= Benzion Halper =

Lithuanian-American Hebraist and Arabist (1884–1924)

Benzion Halper (April 15, 1884 – March 21, 1924) was a Lithuanian-born Jewish-American Hebraist and Arabist.

== Life ==
Halper was born on April 15, 1884, in Žasliai, the Vilna Governorate, Russia, the son of Abel Solomon Halper and Miriam Rosenbloom.

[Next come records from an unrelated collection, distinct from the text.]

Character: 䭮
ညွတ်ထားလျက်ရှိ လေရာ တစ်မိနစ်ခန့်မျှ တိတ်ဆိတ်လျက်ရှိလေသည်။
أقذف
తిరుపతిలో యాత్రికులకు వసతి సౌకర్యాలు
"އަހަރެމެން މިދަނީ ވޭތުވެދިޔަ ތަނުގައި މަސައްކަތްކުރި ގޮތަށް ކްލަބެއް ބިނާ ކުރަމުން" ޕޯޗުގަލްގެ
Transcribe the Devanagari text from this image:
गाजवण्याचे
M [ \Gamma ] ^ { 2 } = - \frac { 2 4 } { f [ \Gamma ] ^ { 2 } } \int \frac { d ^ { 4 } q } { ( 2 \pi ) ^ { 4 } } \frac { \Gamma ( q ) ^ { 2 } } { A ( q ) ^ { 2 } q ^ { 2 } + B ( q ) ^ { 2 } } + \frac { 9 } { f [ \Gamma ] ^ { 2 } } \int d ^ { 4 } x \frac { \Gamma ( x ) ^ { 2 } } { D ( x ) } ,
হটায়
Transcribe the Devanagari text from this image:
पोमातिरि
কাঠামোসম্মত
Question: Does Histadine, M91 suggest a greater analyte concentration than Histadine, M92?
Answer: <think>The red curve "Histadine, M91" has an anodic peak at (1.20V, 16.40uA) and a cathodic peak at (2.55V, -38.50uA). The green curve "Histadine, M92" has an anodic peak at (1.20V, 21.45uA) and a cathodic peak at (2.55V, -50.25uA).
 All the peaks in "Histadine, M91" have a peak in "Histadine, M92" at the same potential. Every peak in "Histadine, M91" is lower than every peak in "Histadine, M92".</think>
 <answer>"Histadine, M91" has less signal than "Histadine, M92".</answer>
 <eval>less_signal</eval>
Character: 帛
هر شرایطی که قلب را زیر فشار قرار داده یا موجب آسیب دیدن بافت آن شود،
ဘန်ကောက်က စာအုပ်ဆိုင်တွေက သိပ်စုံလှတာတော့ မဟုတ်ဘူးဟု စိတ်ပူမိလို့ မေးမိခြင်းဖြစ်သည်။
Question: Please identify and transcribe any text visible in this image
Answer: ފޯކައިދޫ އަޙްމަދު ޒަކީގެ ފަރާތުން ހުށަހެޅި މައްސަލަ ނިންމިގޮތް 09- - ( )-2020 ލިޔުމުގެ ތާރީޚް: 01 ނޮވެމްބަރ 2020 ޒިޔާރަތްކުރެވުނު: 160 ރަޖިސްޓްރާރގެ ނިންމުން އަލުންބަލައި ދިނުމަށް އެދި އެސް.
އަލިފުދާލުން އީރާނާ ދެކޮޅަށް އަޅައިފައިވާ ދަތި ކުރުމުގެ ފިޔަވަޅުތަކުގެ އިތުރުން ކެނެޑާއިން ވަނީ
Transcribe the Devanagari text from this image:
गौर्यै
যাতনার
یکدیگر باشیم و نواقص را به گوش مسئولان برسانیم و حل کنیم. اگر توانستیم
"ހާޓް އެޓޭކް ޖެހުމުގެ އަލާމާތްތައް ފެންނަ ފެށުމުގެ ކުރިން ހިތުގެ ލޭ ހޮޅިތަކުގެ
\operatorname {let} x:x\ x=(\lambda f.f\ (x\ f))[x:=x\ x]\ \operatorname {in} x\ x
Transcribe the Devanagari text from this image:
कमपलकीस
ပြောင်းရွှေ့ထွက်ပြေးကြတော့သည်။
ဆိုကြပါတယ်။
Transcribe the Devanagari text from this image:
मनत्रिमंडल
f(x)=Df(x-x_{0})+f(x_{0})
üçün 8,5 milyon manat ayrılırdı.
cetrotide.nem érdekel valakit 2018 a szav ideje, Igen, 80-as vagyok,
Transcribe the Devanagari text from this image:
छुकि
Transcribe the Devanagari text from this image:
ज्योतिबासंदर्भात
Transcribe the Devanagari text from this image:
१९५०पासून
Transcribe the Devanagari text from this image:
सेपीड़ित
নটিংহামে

Halper received a Heder and Yeshiva education, and he began working when he was sixteen. He immigrated to Frankfurt, Germany, to continue his studies in 1901. He left for England shortly afterwards, where he worked as a carpenter, a commercial traveller and in a Manchester factory. In 1904, he matriculated at the University of London and supported himself by teaching privately and writing for the Hebrew weekly Hayehudi. He received an A.B. degree from there in 1904 (with first class honors in Semitics) and an M.A. in 1909 (with mark of distinction). In 1910, he was elected the first Gilchrist Scholar in Arabic and spent the next year studying in Egypt under the auspices of the university. He also studied in Jews' College.

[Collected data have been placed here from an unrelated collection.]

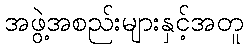
အဖွဲ့အစည်းများနှင့်အတူ
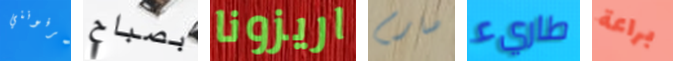
يعرفونني بصباح اريزونا صارم طاريء براعة
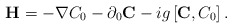
\begin{align*}{\bf H} = -\nabla C_{0} - \partial_{0} {\bf C} - ig \left[ {\bf C}, C_{0}\right].\end{align*}
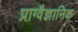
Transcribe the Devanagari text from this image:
प्राग्वैज्ञानिक
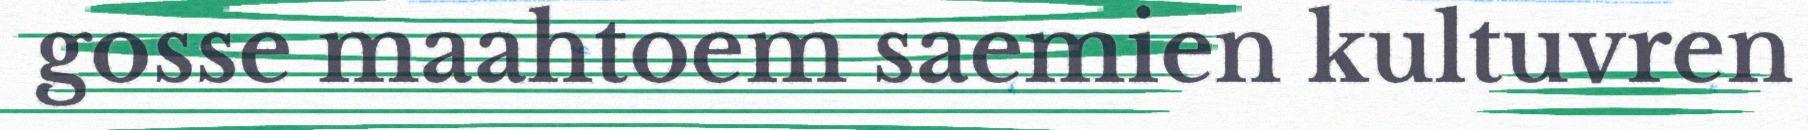
gosse maahtoem saemien kultuvren
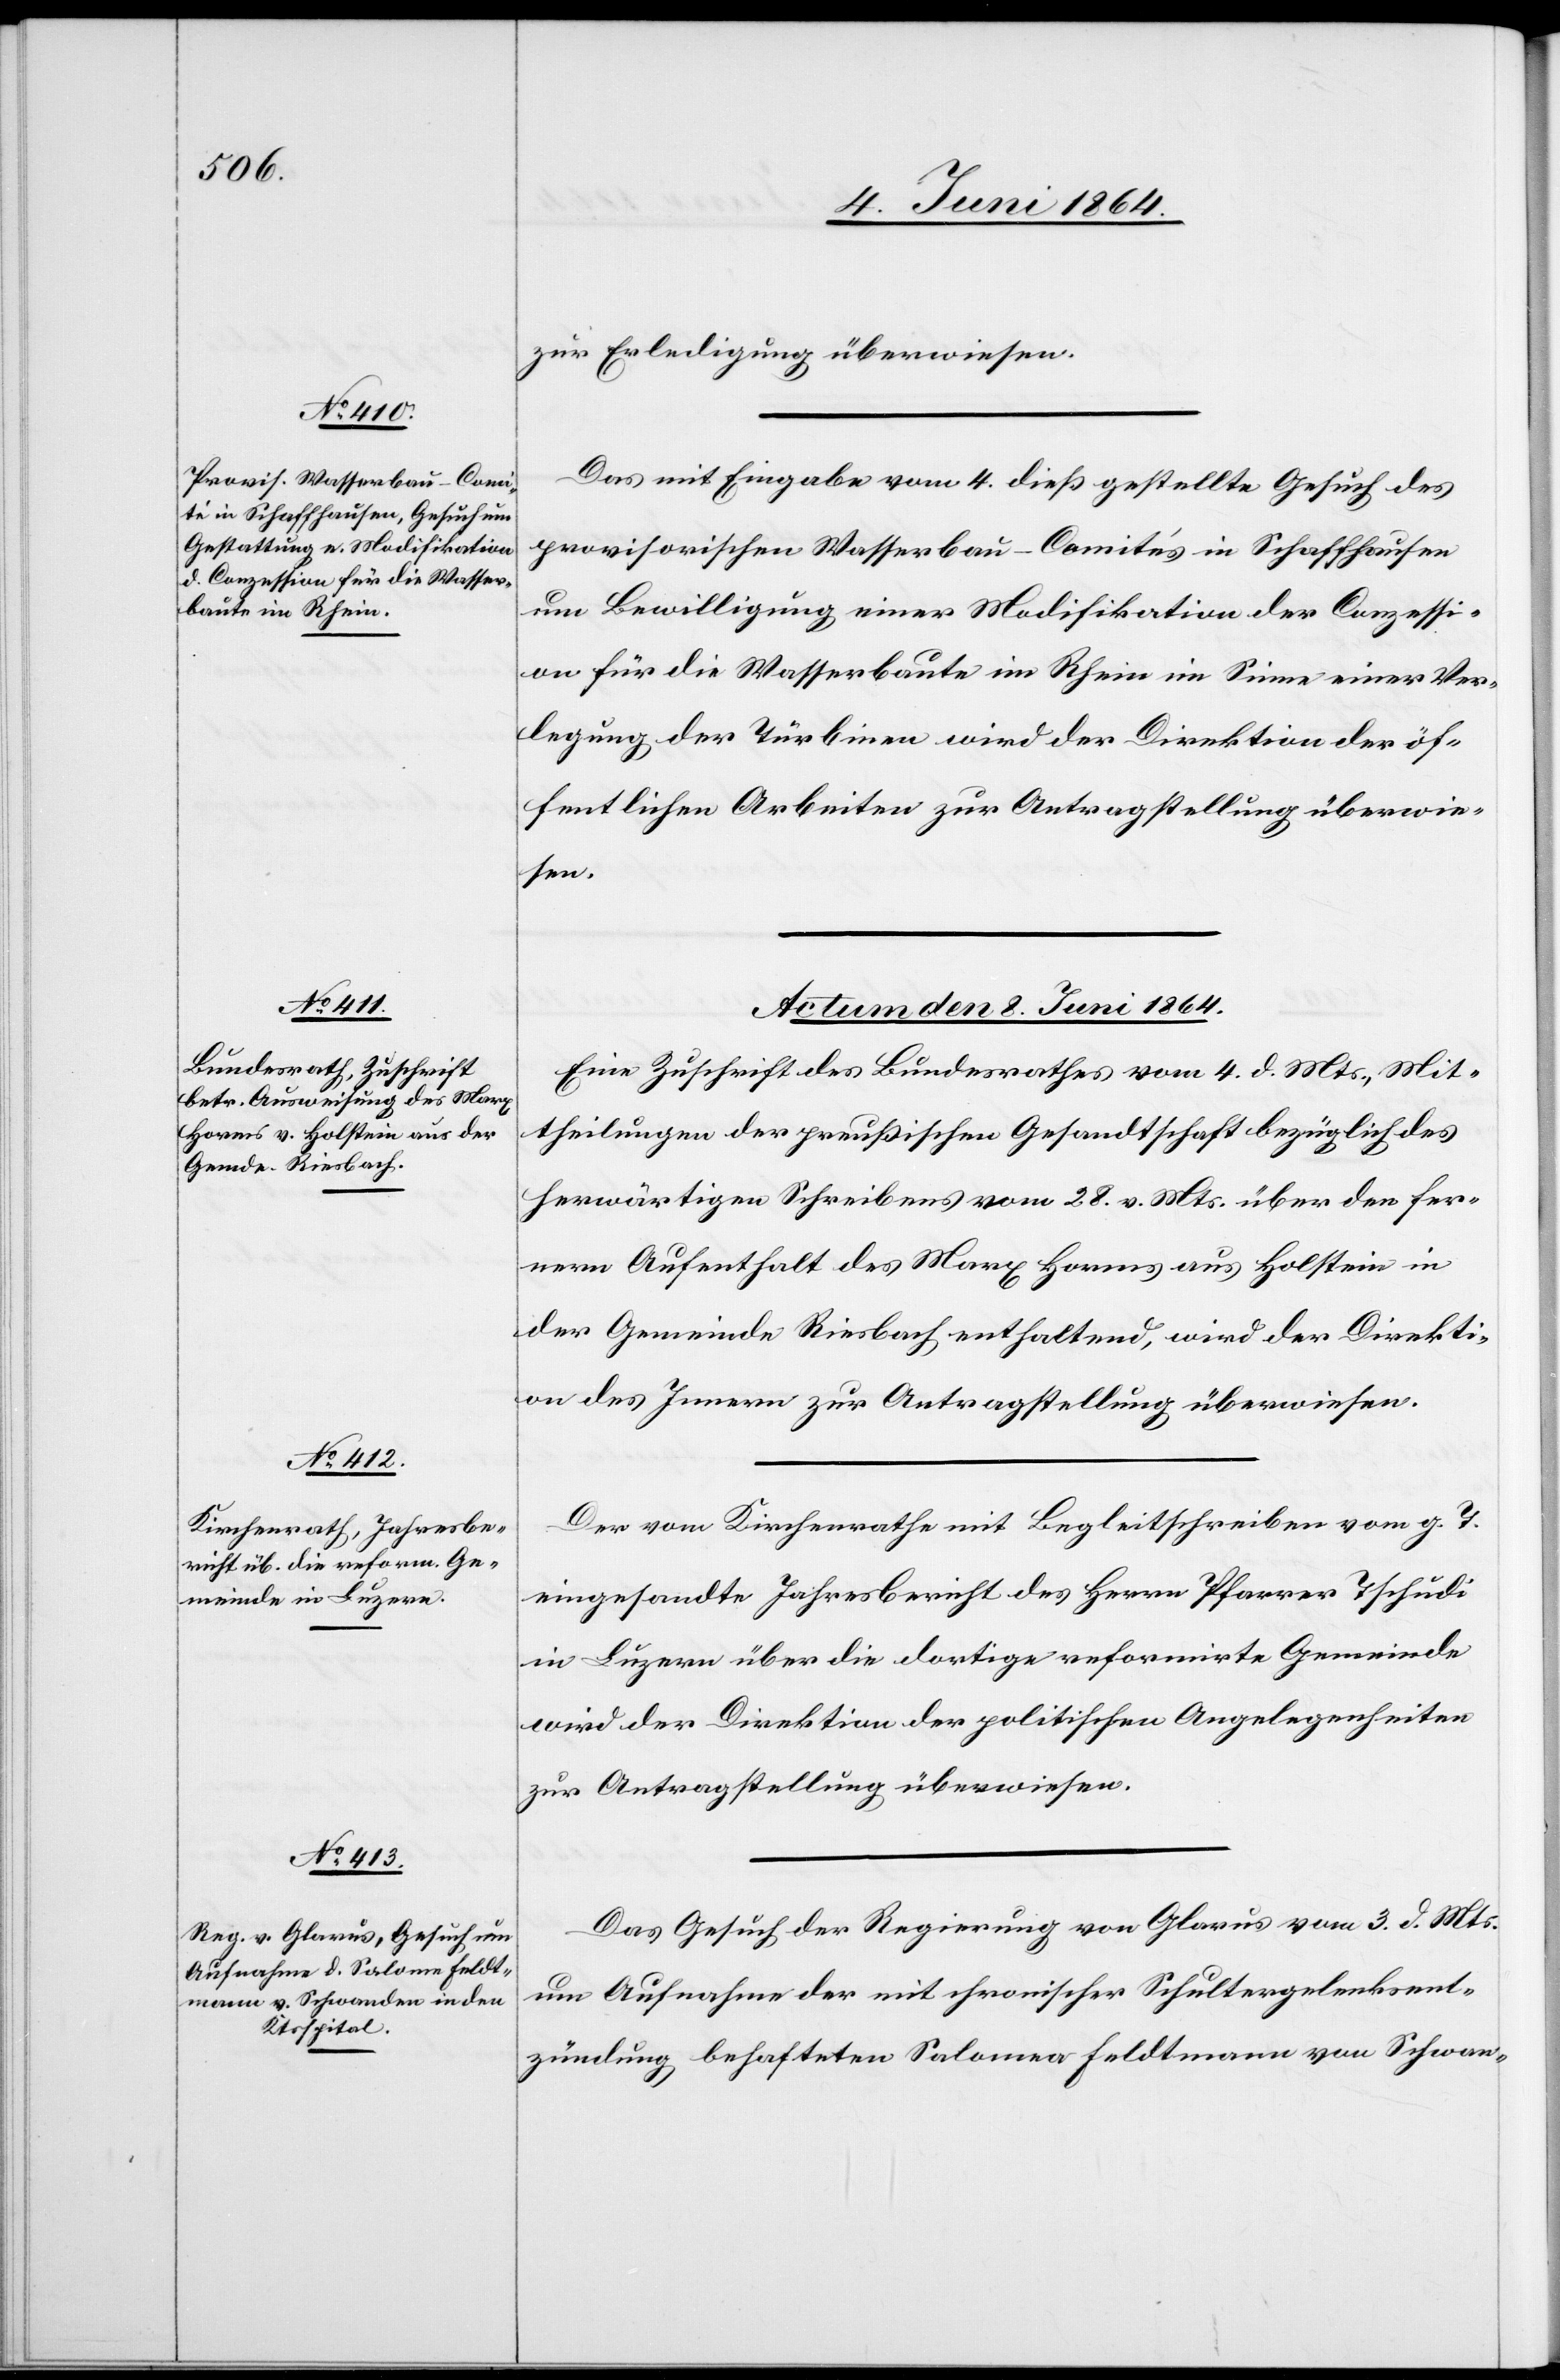
zur Erledigung überwiesen.
Das mit Eingabe vom 4. dieß gestellte Gesuch des
provisorischen Wasserbau-Comités in Schaffhausen
um Bewilligung einer Modifikation der Conzessi¬
on für die Wasserbaute im Rhein im Sinne einer Ver¬
legung der Türbinen wird der Direktion der öf¬
fentlichen Arbeiten zur Antragstellung überwie¬
sen.
Actum den 8. Juni 1864.]
Eine Zuschrift des Bundesrathes vom 4. d. Mts., Mit¬
theilungen der preußischen Gesandtschaft bezüglich des
herwärtigen Schreibens vom 28. v. Mts. über den fer¬
nern Aufenthalt des Marx Horms aus Holstein in
der Gemeinde Riesbach enthaltend, wird der Direkti¬
on des Innern zur Antragstellung überwiesen.
Der vom Kirchenrathe mit Begleitschreiben vom g. T.
eingesandte Jahresbericht des Herrn Pfarrer Tschudi
in Luzern über die dortige reformirte Gemeinde
wird der Direktion der politischen Angelegenheiten
zur Antragstellung überwiesen.
Das Gesuch der Regierung von Glarus vom 3. d. Mts.
um Aufnahme der mit chronischer Schultergelenksent¬
zündung behafteten Salomea [sic!] Feldtmann von Schwan-

Halper immigrated to America in 1911, at which point Solomon Schechter had him classify and copy the Cairo Geniza fragments in the Jewish Theological Seminary Library. He became a Fellow of Dropsie College in Philadelphia, Pennsylvania, in the fall of 1912. There, Cyrus Adler had him examine a collection of Geniza fragments. Two months later, he revealed a previously overlooked lost work: three quarters of Sefer Ha-Mitzvot (Book of Precepts) by Hefes ben Yasliah in Arabic, which he then translated into Hebrew in June 1913. He received a Doctor of Philosophy degree from Dropsie in 1914, at which point he became an Instructor and then an Associate Professor as well as Custodian of Manuscripts. His two-volume Post-Biblical Hebrew Literature was published in 1921. He also wrote Descriptive Catalogue of Genizah Fragments in Philadelphia, which represented nearly twelve years of research of every Geniza fragment he could find in Philadelphia and was rushed to the press when he fell ill so it would be published before he died. He also published an Autograph Responsum of Maimonides, wrote reviews of Arabic literature, Hebraica, and Judaica in the Jewish Quarterly Review, and issued an essay on the Scansion of Medieval Hebrew Poetry. He was working on an edition of Arabic Responsa of Maimonides based on a manuscript David Simonsen sent him before he died, as well as an edition and Hebrew translation of Moses Ibn Ezra's Arabic poetica and an article in Hebrew on Judeo-Arabic literature. He was also an editor of the Jewish Publication Society of America from 1916 until his death.

Halper died at home from pneumonia on March 21, 1924. Rabbi Leon H. Elmaleh of Congregation Mikveh Israel officiated his funeral service at Dropsie College. He was buried in the Federal Street Burial Ground.